Days before the election, a Las Vegas newspaper reported that Congressman Hagen had not only been the attorney for reputed mobster Vito “the Godfather” Corleone, as was widely known, but also his unofficial ward, which was not. According to the story, Vito’s surviving children sometimes even called Hagen their “brother.” Hagen denied nothing. He cited himself as one of the thousands of charitable efforts made by members of the Corleone family, along with the largest wing of the biggest hospital in Nevada and the upcoming art museum, which would soon be the best in the country west of the Rockies and east of California. He showed the reporter a copy of the Saturday Evening Post article in which the Vito Corleone Foundation was called one of the best new philanthropies of the 1950s and a spread in Life that featured Michael Corleone’s heroism during World War II. Hagen pointed out that the Corleones, whom the reporter seemed to regard as criminals, had never, to a person, been convicted of a crime of any sort, not even jaywalking. She asked him about the several times they’d been charged with crimes, especially the late Santino Corleone. Hagen handed her a copy of the U.S. Constitution and recommended that she read the part about being presumed innocent until proven guilty. The story pointed out that this turn of phrase appears nowhere in that document.

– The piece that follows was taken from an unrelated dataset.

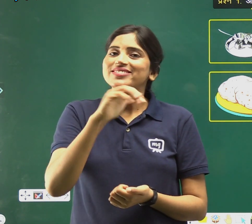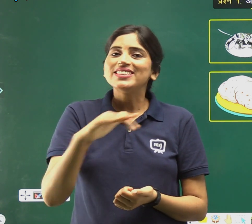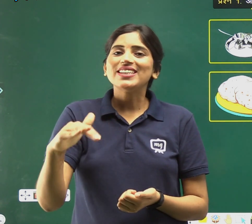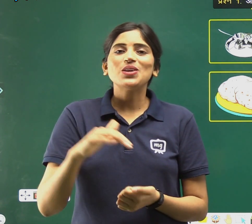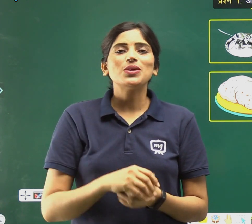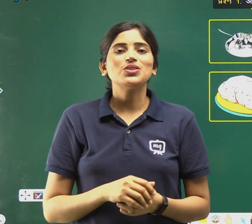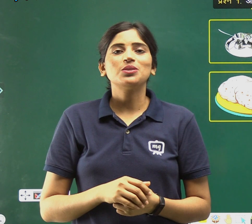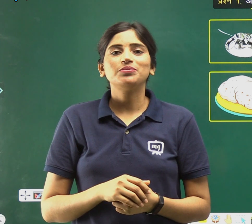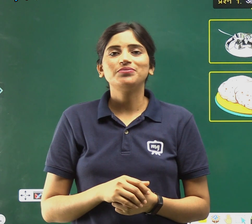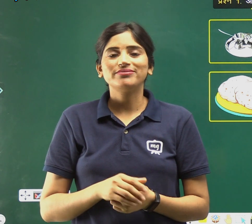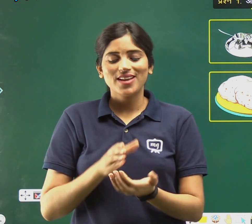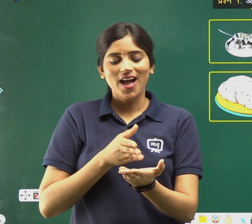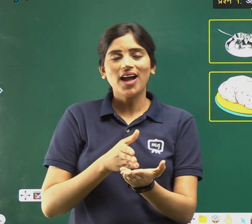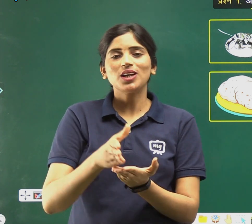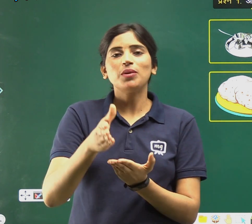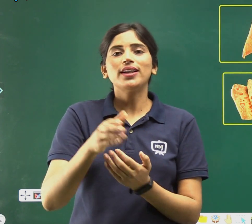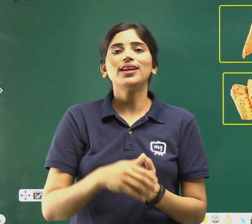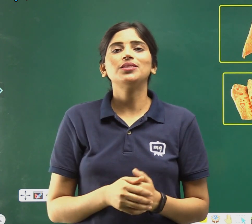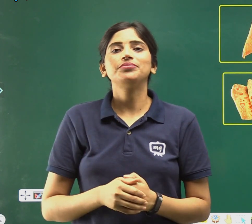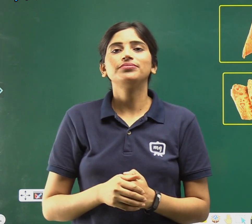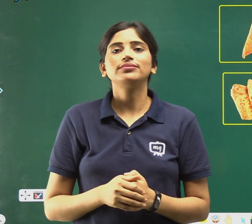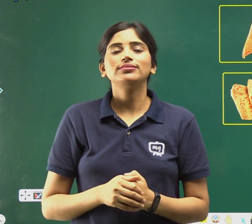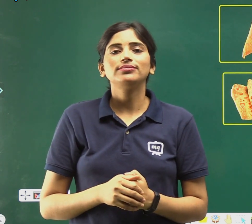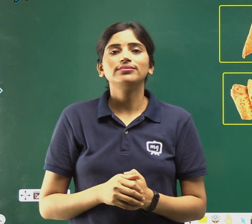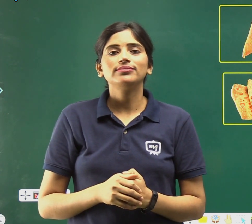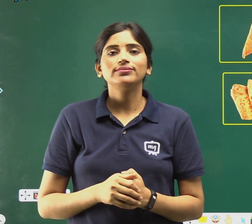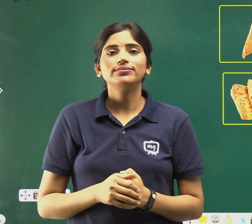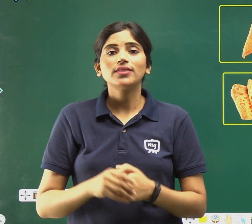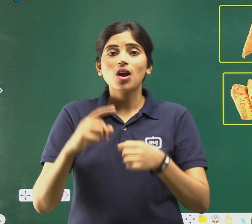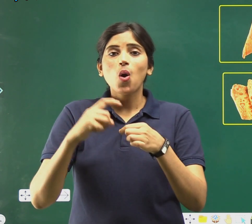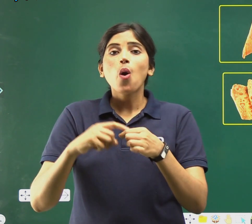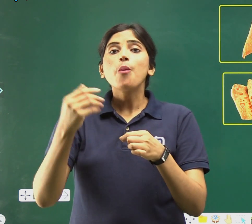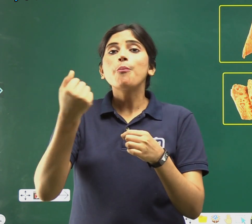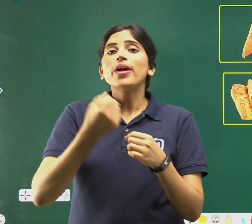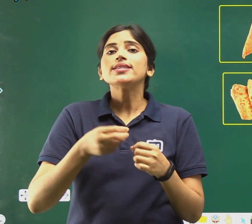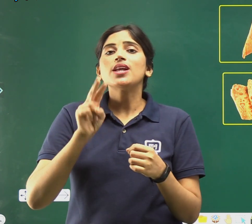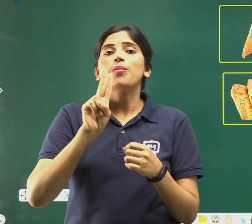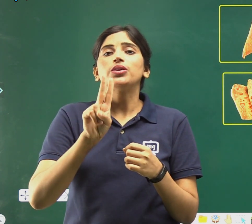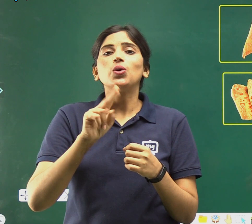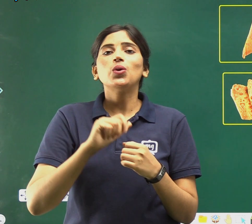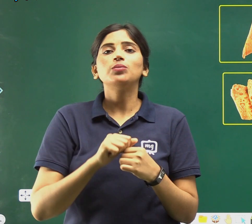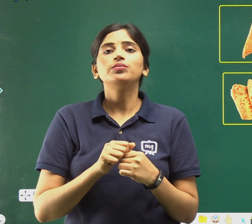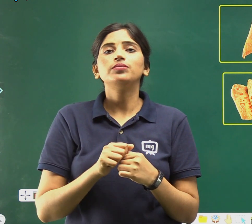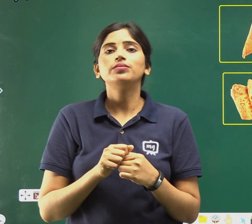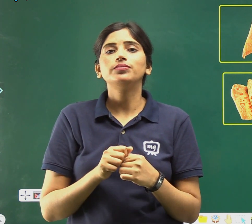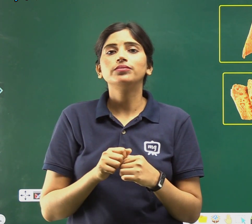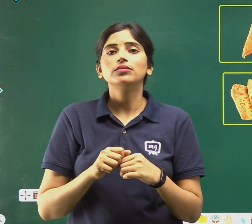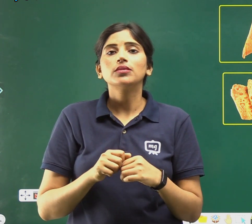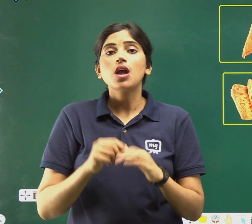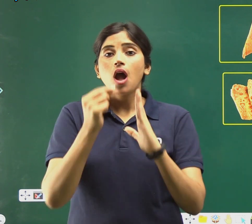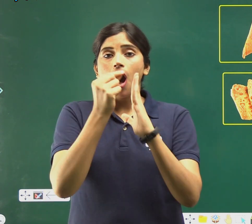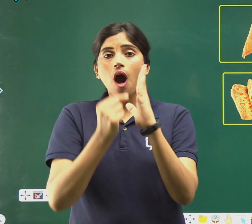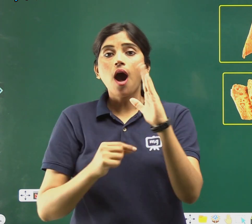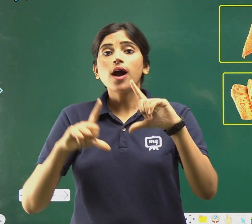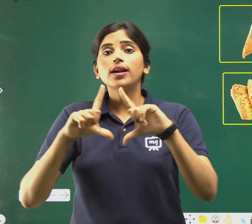बच्चों? आगे बढ़ें, प्रैश नमबर दो, आकरतियों

It was unclear if the reporter or her editor had gotten a tip about Hagen ’s origins. If they had, it could have come from several different people. Friends and neighbors Hagen had known growing up. Fontane, who’d never liked Hagen. The Chicago outfit, who’d been furious about Hagen ’s appointment. Maybe even-given the crazy way he’d been acting lately-Fredo. It was not inconceivable that the reporter might have figured it out for herself. However it had happened, neither Hagen nor Michael chose to waste any time trying to figure out such a puzzle, at least for now. What was the point? Even without that article, Hagen had been destined to lose the election, and badly.